M. Feeney(1), J. Busby(2)

(1) (2) Australian Government - Office of Spatial Data Management, GPO Box 378 CANBERRA ACT 2601

Abstract The data explosion places a premium on good practice in data management. Priority data needs to be specified, managed by identified and responsible custodians, comprehensively documented and made discoverable through metadata, made compliant with relevant standards, be accessible, and provided with minimal constraints. Without agreed and effective processes for managing data in networked environments: duplication, loss of knowledge of data quality, difficulties in accessing fitness for purpose, confusion over authoritative data sources and other inefficiencies will strangle large-scale, multi-agency, cross-disciplinary projects.
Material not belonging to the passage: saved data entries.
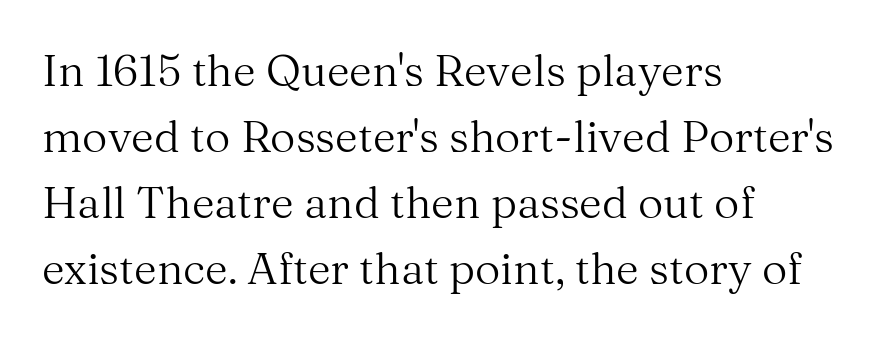
The image shows 44 px regular-weight serif type, upright; set left-aligned, normal line spacing (1.5x), normal letter spacing, not underlined; medium stroke contrast and a medium x-height.
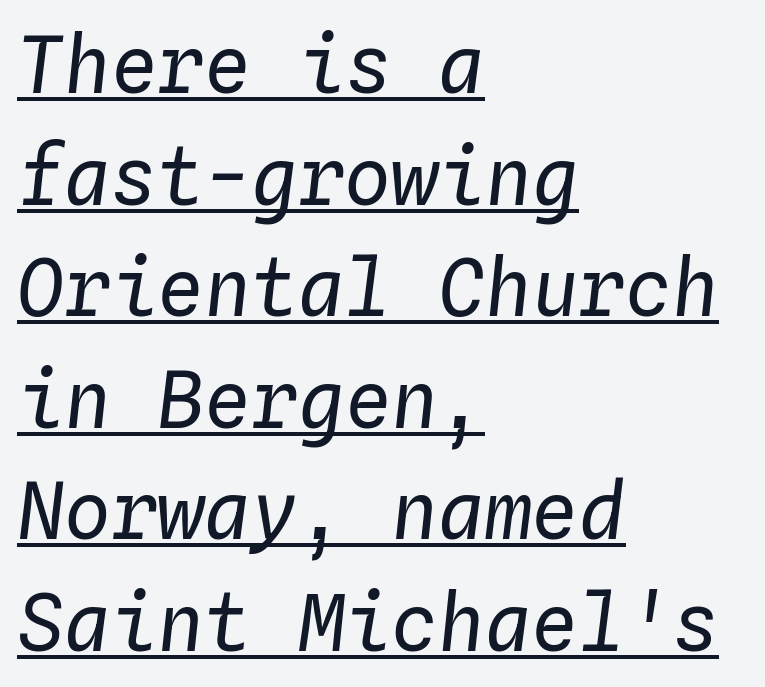
{"italic": "yes", "lean": "right", "slant_degrees": 4, "bold": "no", "weight": "regular", "width": "normal", "stroke_contrast": "low", "x_height": "medium", "monospaced": "yes", "underline": "yes", "align": "left", "line_spacing": "normal", "line_spacing_ratio": 1.43, "letter_spacing": "normal", "letter_spacing_em": 0.0, "glyph_px": 78}
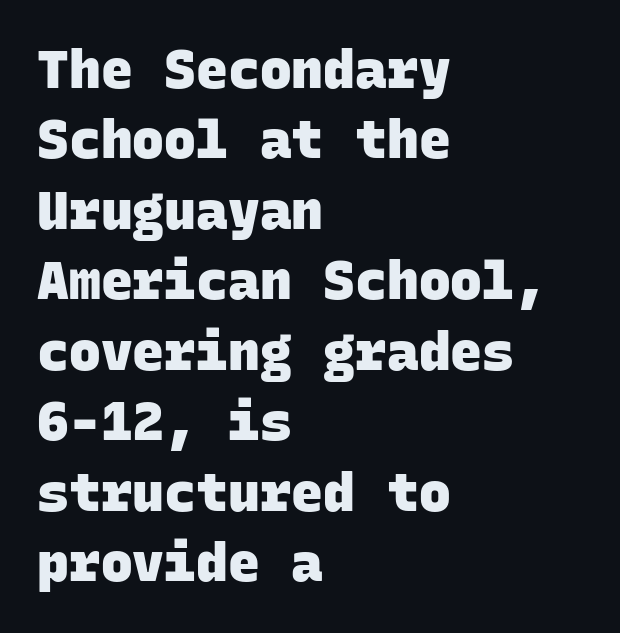
Compared with typical body copy, the letter spacing here is the same. Unmarked baselines from the first word to the last. Heavy, bold letterforms. What kind of face is this? One without serifs — a sans. Do the characters align in a grid? Yes, the font is monospaced. Reading down the block, your eye returns to a fixed left position each line.
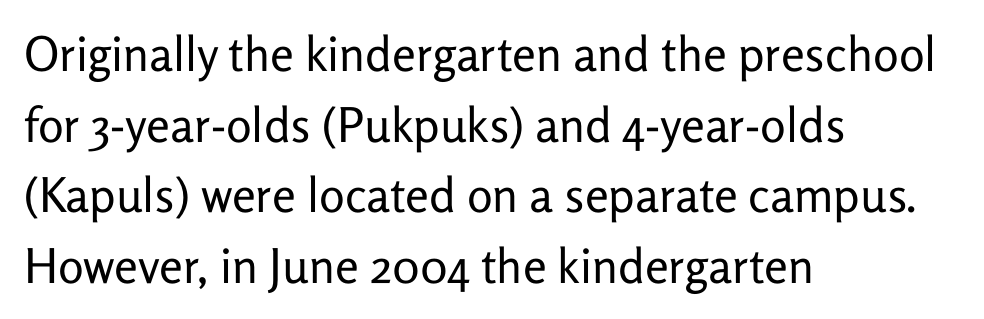
The rendering uses natural spacing where letterforms have individual widths. Each letter's strokes conclude bluntly, with no projecting serifs. Style check: upright. Honestly, the row spacing looks completely unremarkable.
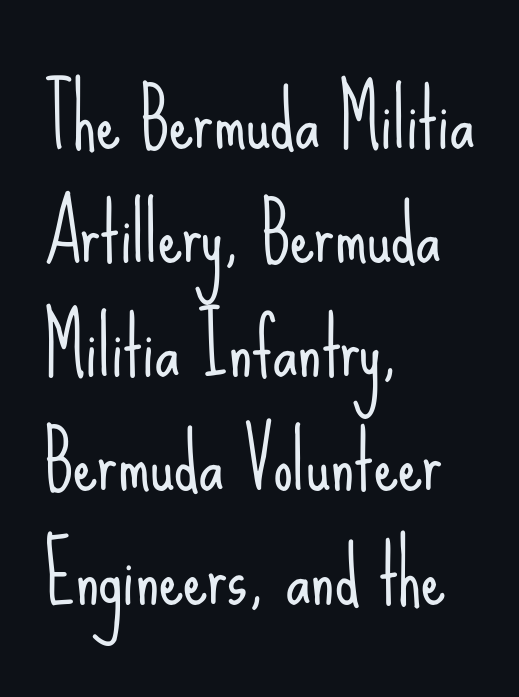
{"serif": "no", "italic": "no", "bold": "no", "weight": "light", "width": "condensed", "stroke_contrast": "low", "x_height": "small", "monospaced": "no", "underline": "no", "align": "left", "line_spacing": "normal", "line_spacing_ratio": 1.46, "letter_spacing": "normal", "letter_spacing_em": 0.0, "glyph_px": 78}
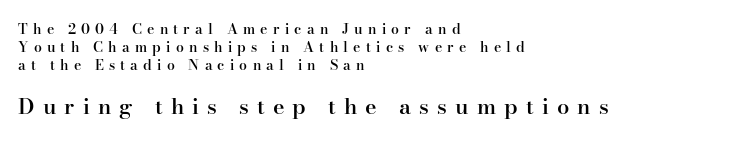
Q: Is the text bold? A: Semi-bold.
Q: Is the text italic (slanted)? A: No, it is upright.
Q: Is the text underlined? A: No.
Q: How is the paragraph aligned? A: Left-aligned.
Q: Is the spacing between letters normal or unusually wide? A: Unusually wide.
Q: Is the spacing between lines tight, normal or loose? A: Normal.
Q: Which block of text is set in a larger size, the first (top) or the second (bottom)? A: The second (bottom) one.
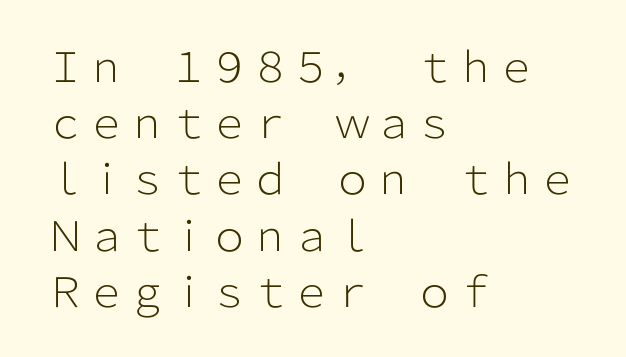
Q: Is the text bold? A: No.
Q: Is the text italic (slanted)? A: No, it is upright.
Q: Is the typeface a serif or a sans-serif typeface? A: Sans-serif.
Q: Is the text underlined? A: No.
Q: How is the paragraph aligned? A: Left-aligned.
Q: Is the spacing between letters normal or unusually wide? A: Normal.
Q: Is the spacing between lines tight, normal or loose? A: Normal.
Q: Width (condensed, normal, or wide)? A: Normal.
Q: Stroke contrast? A: Low.
Q: x-height? A: Medium.
Q: Monospaced? A: No.
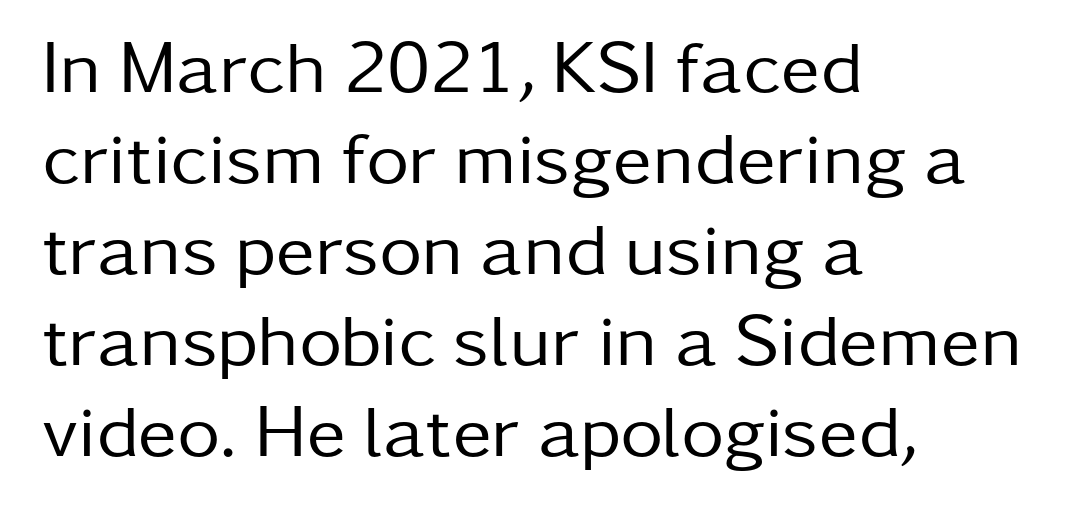
The image shows 74 px regular-weight sans-serif type, upright; set left-aligned, line spacing 1.23x, normal letter spacing, not underlined; low stroke contrast and a medium x-height.

The Office of Spatial Data Management (OSDM) has been established by the Australian Government to implement its Spatial Data Access and Pricing Policy. In essence, we focus on lowering the barriers to access and use of data required or held by Australian Government agencies. While scientists within any particular subject domain can usually rely on informal peer networks to assess the quality and relevance of data and usually experience few problems with negotiating access to suitable data, this can break down in cross-disciplinary environments, especially those involving government or private sector data owners. Drawing on experience with collaborative multi-thematic and multi-jurisdictional data networks in Australia and internationally, OSDM will outline the relevance of and good-practice solutions to issues such as custodianship, metadata, interoperability and other data standards, data access and licensing.

Keywords: custodianship, metadata, interoperability, standards, licensing.